La visita, 1963, di Antonio Pietrangeli

Inquadratura del film [Pubblico dominio, https://it.wikipedia.org/w/index.php?curid=1738988]
(…) Dovendo invece noi tornare ai primi anni ’60[1], vi torniamo argomentando attorno al terzo film della triade citata all’inizio di questo capitolo, quel La visita, pure del 1963, di Antonio Pietrangeli, tratto da un racconto di Carlo Cassola. Questo, in un clima narrativo che si colloca apparentemente nella più classica commedia, racconta la breve vicenda – una visita, appunto – di un momentaneo, rapido, transitorio connubio.

Ma, al di là della specificità della trama, che tra breve vedremo, ci piace presentare La visita come una sorta di fugace quanto toccante – seppure in definitiva sterile, poiché fortemente costretto e minato dalle reciproche ataviche paure e resistenze dei protagonisti – inizialmente ruvido quindi profondo e vibrante rapporto d’amore tra due opposte solitudini, due galassie che si lambiranno per il solo attimo di conoscere l’esistenza reciproca, scrutandosi profondamente, per poi allontanarsi indefinitamente, decidendo di non fondersi bensì perdendosi negli infiniti e silenziosi spazi delle solitudini cosmiche.

Le due suddette solitudini avranno i volti da una parte della felliniana Sandra Milo, dall’altra del pure ugualmente felliniano Francois Perier.

Sandra Milo – che l’anno precedente aveva dato il proprio espressivo e intenso volto a uno dei personaggi felliniani certamente più schietti quanto vulnerabili, vale a dire la Carla di Otto e ½, maschera tanto grossolana quanto equipaggiata di un candore e di una innocenza simil infantile che la riscattavano, umanamente, in termini di pathos e partecipazione – ne La visita, sarà Pina, l’esteriormente vigorosa quanto nell’intimo fragile piccola imprenditrice in un consorzio agrario in un decentrato abitato emiliano in riva al Po, avanti negli anni e romanticamente desiderosa, nella propria esistenza, di una sistemazione affettiva, laddove dalla piccola-grande folla maschile della collettività locale era, più o meno celatamente e salacemente, appellata come “la bella culandrona”.

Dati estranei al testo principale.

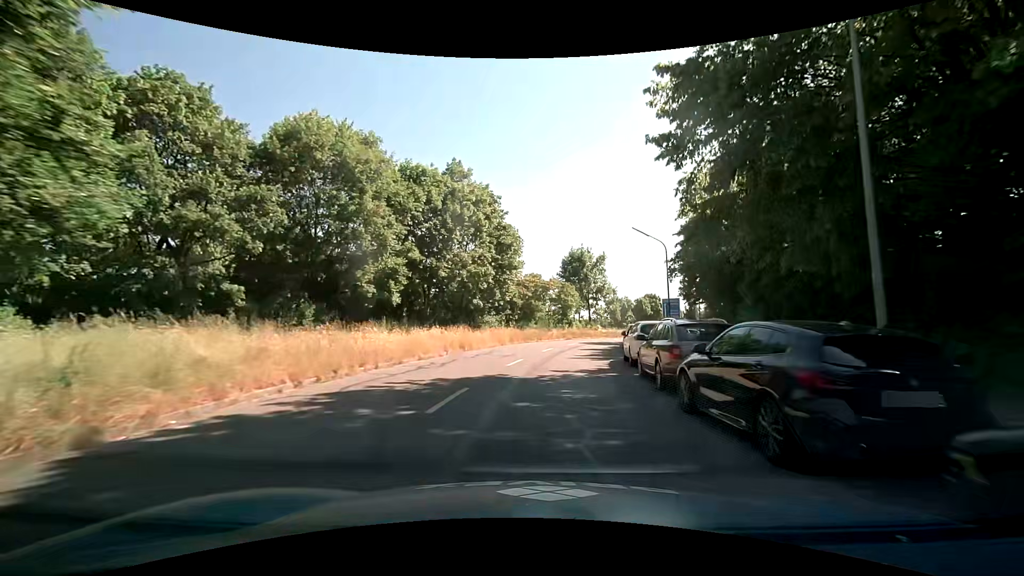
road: tertiary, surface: asphalt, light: Day
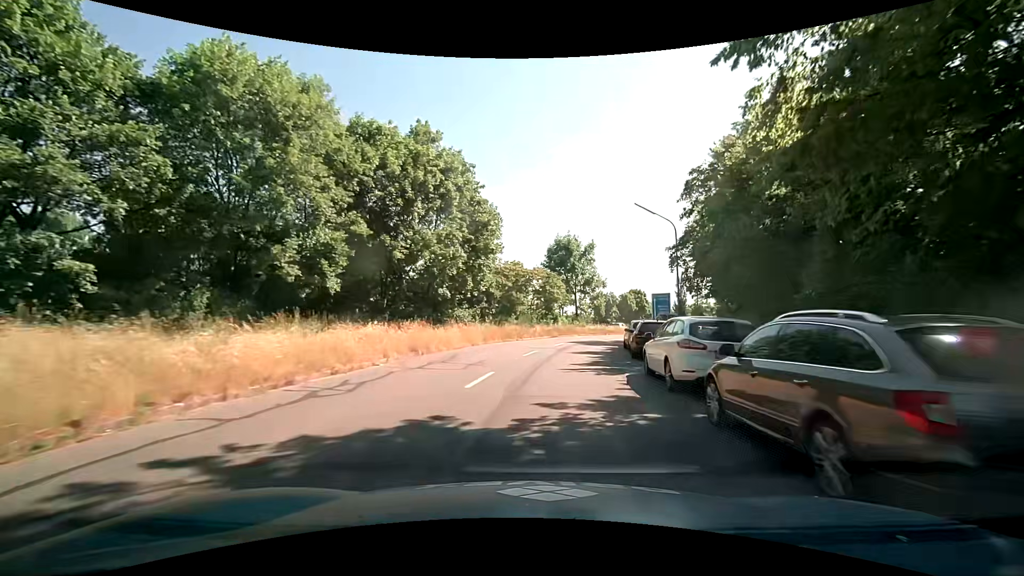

Francois Perier, – già sei anni prima il malfido Oscar D’Onofrio nel felliniano Le notti di Cabiria, colui che si approfitta della piccola e ingenua prostituta romana, raggirandola fino a progettare il di lei omicidio e solo alla fine ravvedendosi, dando così luogo a uno dei più poetici epiloghi di film del maestro riminese, ovvero quello di Cabiria che si unisce e segue la gioiosa affabulante banda musicale di guitti – ne La visita darà il suo volto e le sue andature all’altrettanto interessato quanto gretto e meschino Adolfo, cinico ed egoista, impiegato romano, desideroso viceversa, oltre che forse di una compagnia nella vita, certamente ancor più di una sistemazione economica che gli potesse permettere una qualche forma di scalata sociale.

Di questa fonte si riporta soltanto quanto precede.